### EXERCISE
What is needed is an exact copy of every line from the one with "Two aerial photos of one place in France, from 2014" to the end of the entries below, without the pictures.

------------------------------------

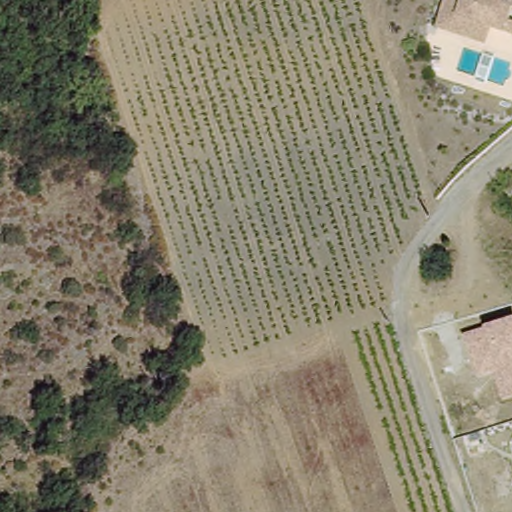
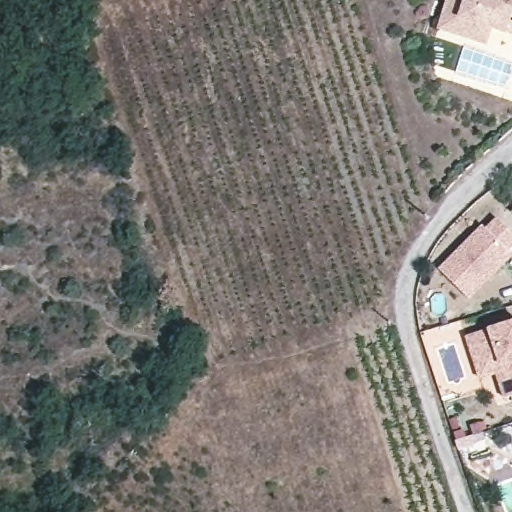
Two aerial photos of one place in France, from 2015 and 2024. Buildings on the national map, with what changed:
unchanged [(482,47),(434,36),(442,0),(449,0),(460,2),(456,26),(485,32),(482,47)]
unchanged [(512,28),(512,38),(485,32),(456,26),(460,2),(461,0),(512,0),(512,14),(508,17),(506,27),(512,28)]
new [(497,217),(512,232),(512,248),(509,251),(512,253),(512,259),(470,301),(438,270),(482,225),(486,229),(497,217)]
unchanged [(479,378),(466,337),(489,328),(512,321),(512,396),(504,398),(496,373),(479,378)]

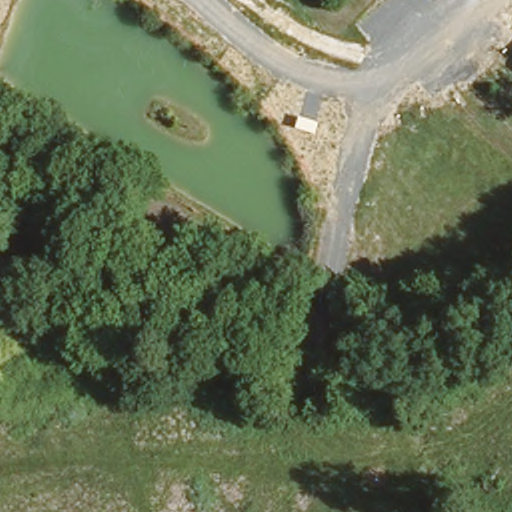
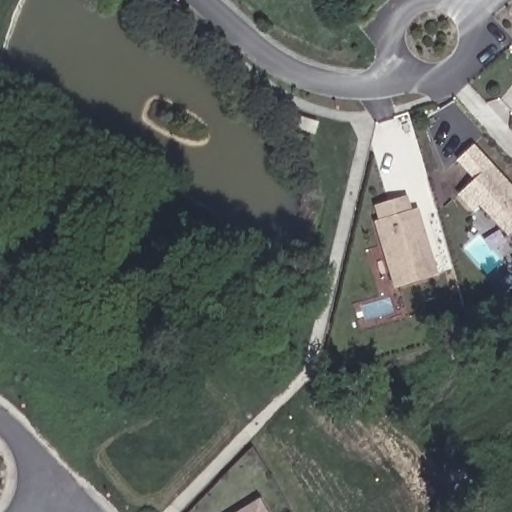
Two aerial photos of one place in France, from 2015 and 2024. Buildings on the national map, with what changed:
new [(477,206),(471,212),(455,194),(471,179),(455,161),(472,145),(512,187),(512,231),(506,236),(477,206)]
new [(393,289),(372,222),(378,220),(373,206),(406,196),(410,210),(417,208),(438,276),(393,289)]
new [(266,512),(238,512),(258,499),(266,512)]

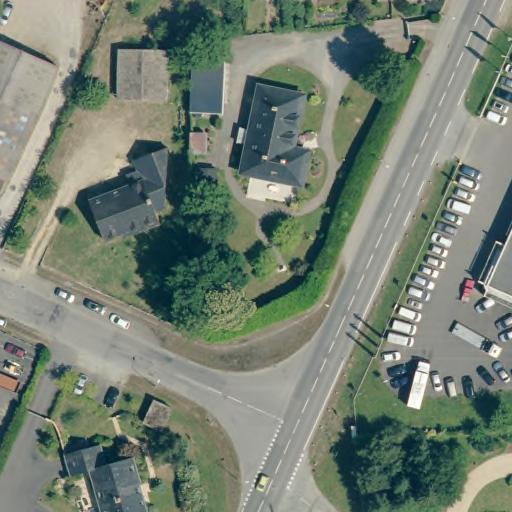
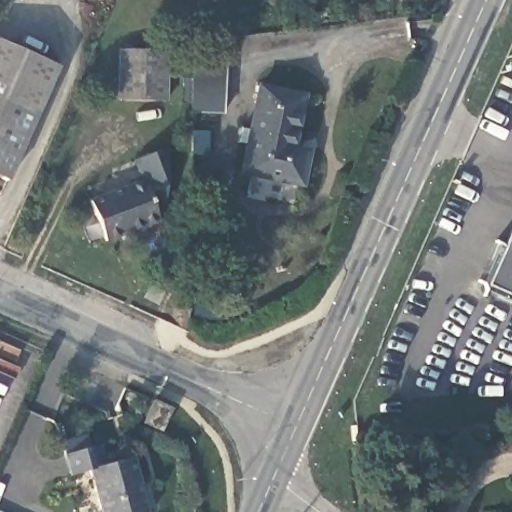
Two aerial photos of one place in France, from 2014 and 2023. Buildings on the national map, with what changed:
unchanged [(227,59),(208,58),(195,58),(194,44),(208,45),(228,46),(227,59)]
unchanged [(0,181),(0,46),(49,66),(0,181)]
unchanged [(162,101),(118,96),(120,48),(166,49),(162,101)]
unchanged [(220,64),(218,112),(209,112),(193,111),(194,64),(208,64),(220,64)]
unchanged [(300,96),(288,155),(303,159),(298,184),(237,172),(255,88),(300,96)]
unchanged [(165,212),(157,214),(159,224),(105,243),(92,201),(144,183),(139,164),(168,153),(165,212)]
unchanged [(479,297),(483,289),(482,279),(474,276),(496,237),(504,240),(512,223),(512,312),(479,297)]
unchanged [(174,409),(164,430),(146,420),(155,398),(174,409)]
unchanged [(101,443),(107,466),(137,457),(144,484),(141,484),(147,512),(101,512),(89,471),(71,477),(65,454),(101,443)]

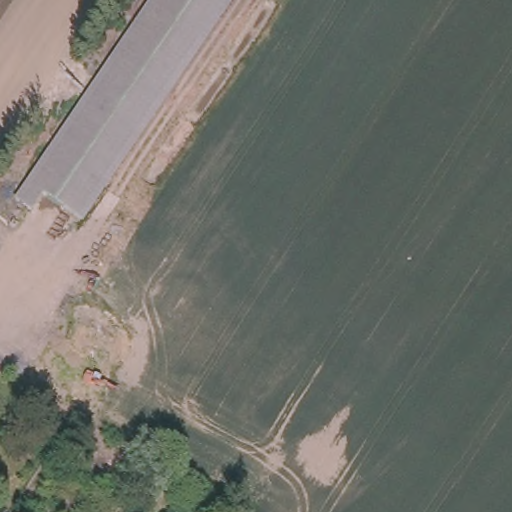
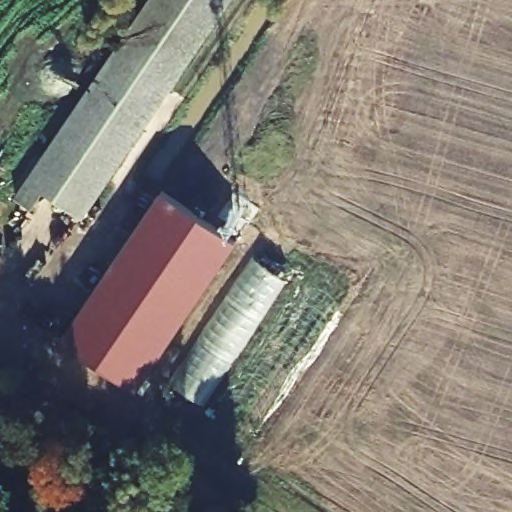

------------------------------------

### TASK RESULT
Two aerial photos of one place in France, from 2014 and 2023. Buildings on the national map, with what changed:
unchanged [(227,59),(208,58),(195,58),(194,44),(208,45),(228,46),(227,59)]
unchanged [(0,181),(0,46),(49,66),(0,181)]
unchanged [(162,101),(118,96),(120,48),(166,49),(162,101)]
unchanged [(220,64),(218,112),(209,112),(193,111),(194,64),(208,64),(220,64)]
unchanged [(300,96),(288,155),(303,159),(298,184),(237,172),(255,88),(300,96)]
unchanged [(165,212),(157,214),(159,224),(105,243),(92,201),(144,183),(139,164),(168,153),(165,212)]
unchanged [(479,297),(483,289),(482,279),(474,276),(496,237),(504,240),(512,223),(512,312),(479,297)]
unchanged [(174,409),(164,430),(146,420),(155,398),(174,409)]
unchanged [(101,443),(107,466),(137,457),(144,484),(141,484),(147,512),(101,512),(89,471),(71,477),(65,454),(101,443)]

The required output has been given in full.